The shape is deliberately the same whether you are a 40-store retailer or a national logistics carrier. What changes is the throughput units, the cluster SKU, and the retention policy — not the topology. That stability is the whole point of a reference architecture.
The business scenario
Picture a mid-market operator — call them a multi-channel retailer, an IoT-heavy manufacturer, or a fintech with a payments switch. They already have data: orders land in a transactional database, telemetry trickles into blob storage, and someone exports a CSV every morning that a Power BI dataset refreshes off at 6 a.m. The business runs on yesterday’s numbers, and everyone has quietly accepted that.
Then a real-time question shows up that the morning-batch world cannot answer:
- Retail / e-commerce: “A flash sale started 20 minutes ago. Which SKUs are about to stock out right now, and which fulfilment centres should we reroute from?” By the time the 6 a.m. export runs, the sale is over and the oversells are already customer-service tickets.
- Manufacturing / IoT: “This injection-moulding line’s vibration signature is drifting. Page the maintenance engineer before the bearing fails, not after we scrap 4,000 parts.”
- Fintech / payments: “Authorisation decline rates for one card BIN range just spiked. Is it a fraud attack, an issuer outage, or our own gateway? We need to know in seconds, not at end-of-day reconciliation.”
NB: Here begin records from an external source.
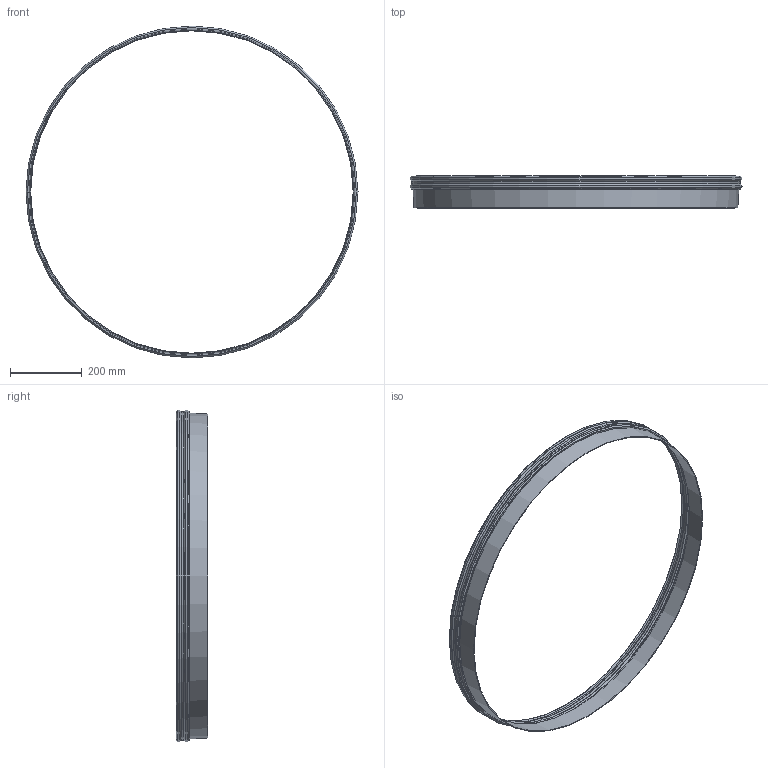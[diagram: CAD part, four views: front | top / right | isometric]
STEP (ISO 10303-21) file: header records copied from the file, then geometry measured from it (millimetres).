
FILE_DESCRIPTION(/* description */ ('2mm 304L Stainless Steel sheet'),/* implementation_level */ '2;1');
FILE_NAME(/* name */ '20-214.stp',/* time_stamp */ '2020-07-07T08:59:18+12:00',/* author */ ('Brian'),/* organization */ ('BFM® Global Ltd'),/* preprocessor_version */ 'ST-DEVELOPER v18.1',/* originating_system */ 'Autodesk Inventor 2021',/* authorisation */ 'BFM Global Ltd');
FILE_SCHEMA (('AUTOMOTIVE_DESIGN { 1 0 10303 214 3 1 1 }'));
Length unit declared in the file: millimetre
Products named in the file (1): 20-214
Bounding box: 926.5 x 88.98 x 926 mm (x, y, z)
Volume: 570160.4 mm3; surface area: 581710.2 mm2
Topology: 1 solids, 1 shells, 322 faces, 871 edges, 582 vertices
Faces by surface type: plane 143, bspline 130, cylinder 37, cone 12
Full cylindrical faces by diameter (mm): 913.5 x1, 917.5 x1, 922 x2, 926 x2
Entity records: 13406 total; most frequent: CARTESIAN_POINT 5934, ORIENTED_EDGE 1742, DIRECTION 1181, EDGE_CURVE 871, VERTEX_POINT 582, LINE 427, VECTOR 427, AXIS2_PLACEMENT_3D 377

- Logistics: “A depot’s scan-to-dispatch latency crossed SLA. Surface it on the ops wall now, and keep two years of history so we can prove the SLA breach to the customer.”
These all share one structural requirement: the same event stream must serve two very different consumers. An operations dashboard needs sub-second-to-seconds freshness over the last few minutes-to-hours (the hot path). An analyst, a data scientist, and a compliance officer need to slice months or years of the same events with rich, ad-hoc, interactive queries (the cold/warm analytical path). Bolt those onto a single engine and they fight: a heavy analyst query starves the live dashboard; a burst of ingestion stalls the analyst.
The architecture below resolves that tension by giving each consumer the right engine while ingesting the stream exactly once. It starts paying for itself at a few thousand events per second and scales — without a redesign — to millions.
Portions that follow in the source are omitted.